陈铁锋借着烟雾掩护,已冲到机枪阵地前十米。他能看清机枪手惊骇的脸,能看见对方扣着扳机的手指在颤抖。胸口的力量在沸腾,在咆哮,催促他撕碎眼前的一切。但他死死压住那股暴戾的冲动,右手拔出腰间的驳壳枪——枪柄被手汗浸得发亮,这是他的老伙计,不是那见鬼的力量。
“砰!砰!砰!”
三枪点射,三个机枪手额头绽开血花,向后仰倒。
阵地崩溃。
陈铁锋脚步不停,穿过弥漫的硝烟和尸体,冲向下一个拐角。左臂传来撕裂般的痛楚,低头一看,小臂外侧那些暗金色纹路已蔓延到手肘,皮肤下的肌肉组织正在硬化,触感像冰冷的金属,五指屈伸时能听见细微的、类似齿轮摩擦的涩响。
这就是代价。不可逆的异化。
他咬紧牙关,将驳壳枪插回枪套,捡起地上一支还有半梭子弹的冲锋枪,继续向前。身后,赵大锤和孙瘸子带领的队伍也趁乱突破了侧翼,喊杀声和枪声再次激烈起来,像困兽最后的咆哮。
基地深处的广播突然炸响,滋滋的电流声后,李振邦冰冷的声音从每个角落的喇叭里涌出,带着一丝不易察觉的急切:“陈铁锋,停下!你的基因序列已被‘盘古’主系统标记为‘异常活跃钥匙’。继续使用能力,只会加速你的组织金属化,最终变成一具没有思想的活体兵器!投降,接受控制,你还能以人的身份活下去!”
广播声在通道里回荡。
正在搏杀的铁刃营士兵动作微微一滞。
陈铁锋抬起冲锋枪,对着最近一个广播喇叭扣动扳机。
“哒哒哒!”
喇叭炸成碎片,电火花四溅。
“听见了吗?”他对着别在领口的简易通讯器低吼,声音压过枪声,“这就是他们的算盘!要么当狗,要么变成他们手里的刀!老子两样都不选!”他转身,染血的脸上眼睛亮得骇人,“铁刃营,跟我杀出去!让这帮躲在后面的杂种看看,什么叫宁折不弯!”
“杀出去!”
残存的怒吼汇聚成一股力量。不再有疑虑,只有绝境中迸发的凶性。他们跟着那个身影,那个身上带着非人伤痕、眼神却比任何时候都更像人的营长,向出口发起决死冲锋。

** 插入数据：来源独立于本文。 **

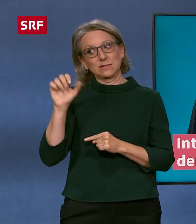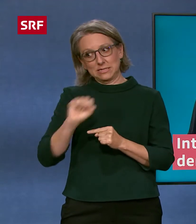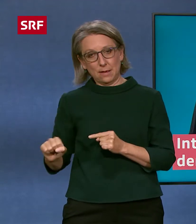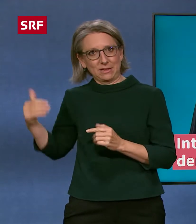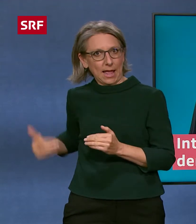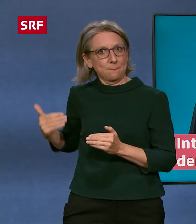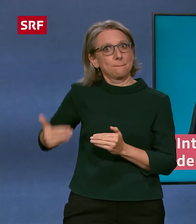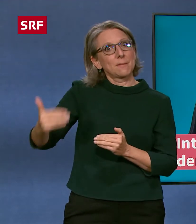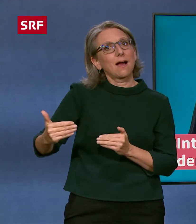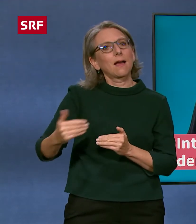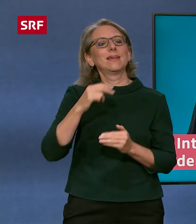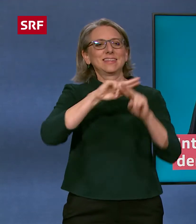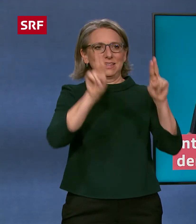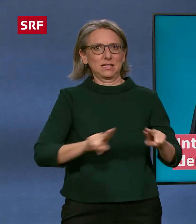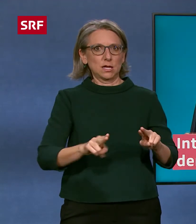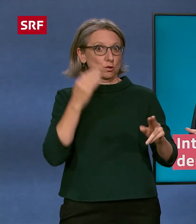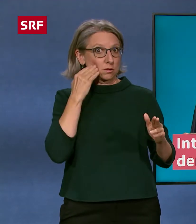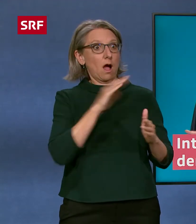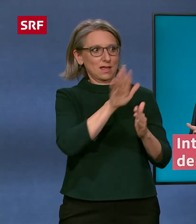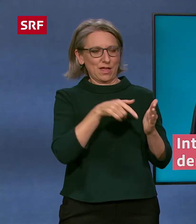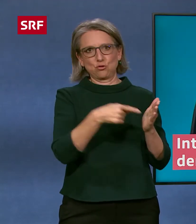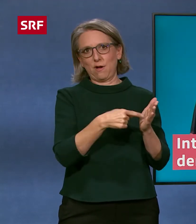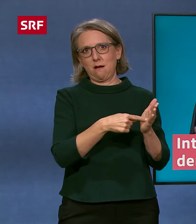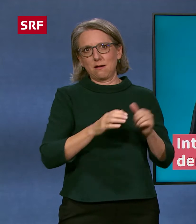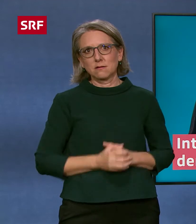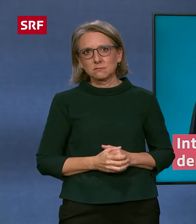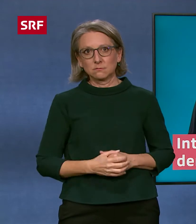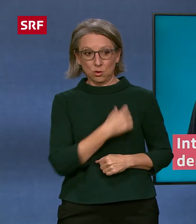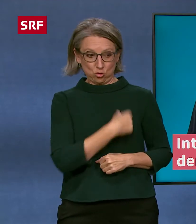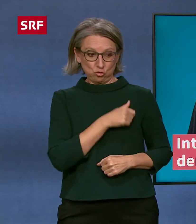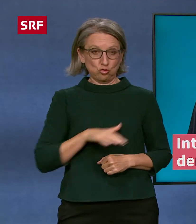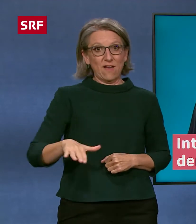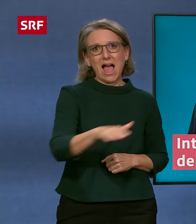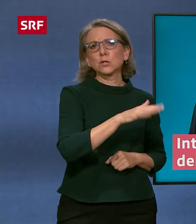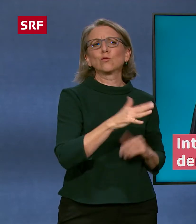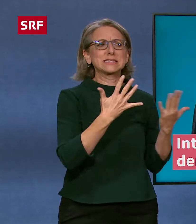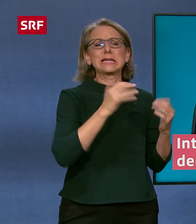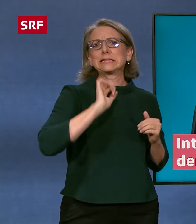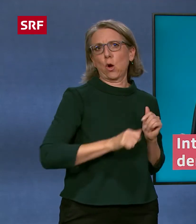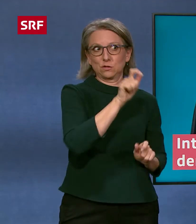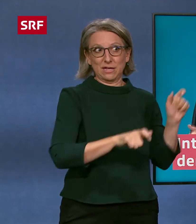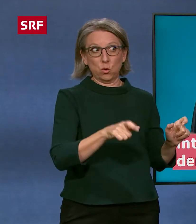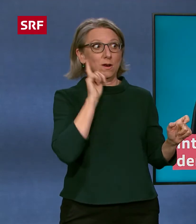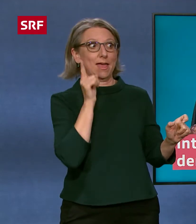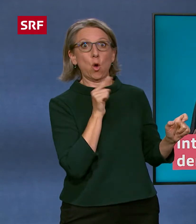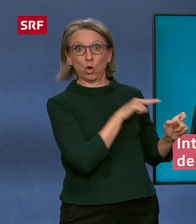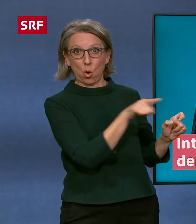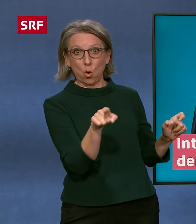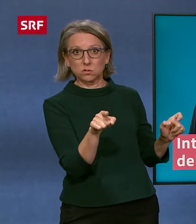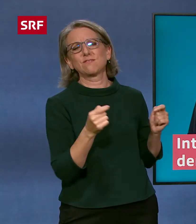Gebärdensprache. In der Schweiz leben etwa 10'000 Menschen, die gehörlos sind. Die meisten von ihnen brauchen die Gebärdensprache.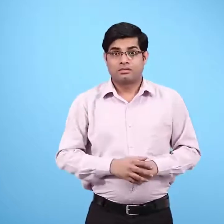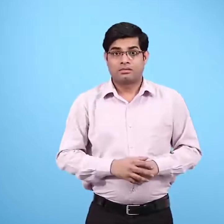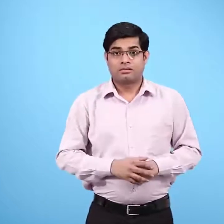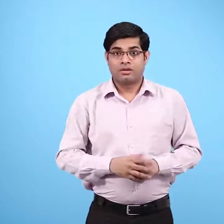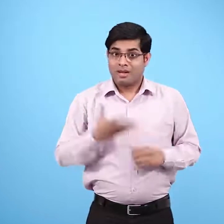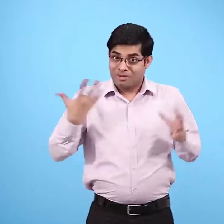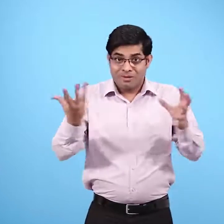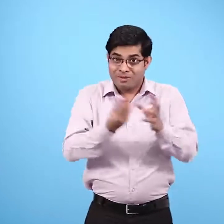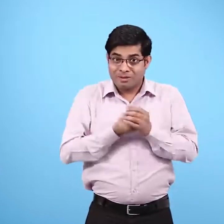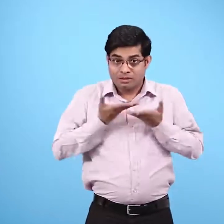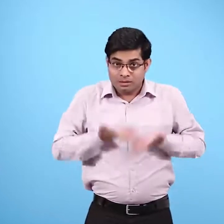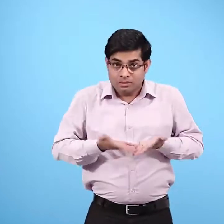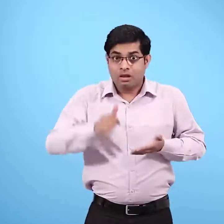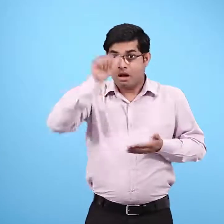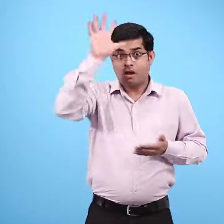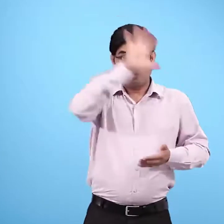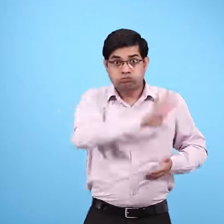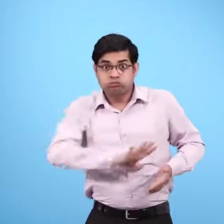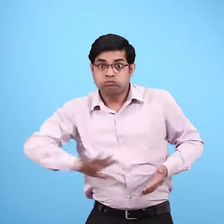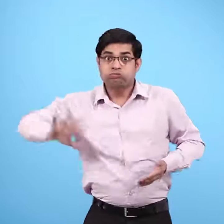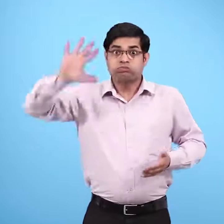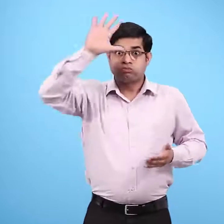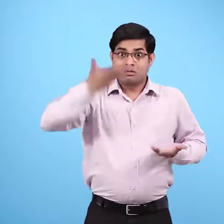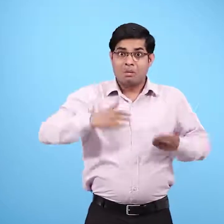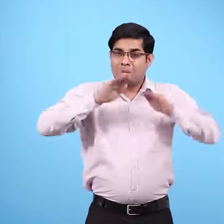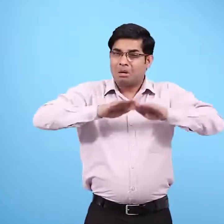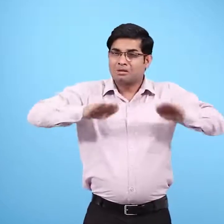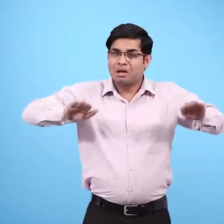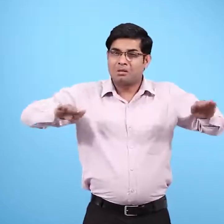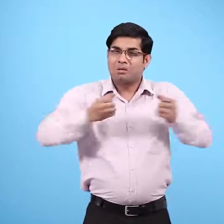हमारे देश में लगभग आदे बच्चे रश्मी जैसे हैं

代价是惨重的。每突破一道防线,都有人倒下。陈铁锋冲在最前,身上的伤口越来越多,左臂的金属纹路已蔓延到肩膀,整条手臂麻木失去知觉,只能勉强用右手持枪。但他不能停,他是箭头,是旗帜,是所有人还能咬牙往前冲的那口气。
终于,他们看到了出口的光亮——也看到了光亮外严阵以待的更多军队。
不止军统的黑衣行动队,还有穿着正规军野战服、装备德制冲锋枪的精锐步兵,甚至有两辆轮式装甲车横在路口,车顶的重机枪枪口森然对准出口。一名佩戴少将军衔的中年男人站在装甲车旁,拿着电喇叭,身后参谋官捧着文件夹。
“营长,是特别调查组的人!那个少将的直属部队!”赵大锤嘶声道。他腹部中弹,简单包扎的纱布已被血浸透,每说一个字嘴角都在渗血。
前有堵截,后有追兵,真正陷入死地。
陈铁锋停下脚步,剧烈喘息。胸口的力量因为过度使用而变得紊乱、刺痛,像有无数根烧红的针在血管里搅动。左臂的金属化似乎暂停了,但代价是整条手臂彻底失去知觉,垂在身侧,冰冷沉重,仿佛一截不属于自己的义肢。
他看了一眼身边。还能站着的兄弟,不足二十人,个个带伤,弹匣打空,刺刀卷刃,背靠背围成一个小圈,眼睛死死盯着外面黑压压的枪口。
少将举起电喇叭,声音透过扩音器传来,带着胜券在握的冷漠:“陈铁锋,放下武器。你的价值高于这些叛匪。配合研究,你或许还能有个体面的结局。”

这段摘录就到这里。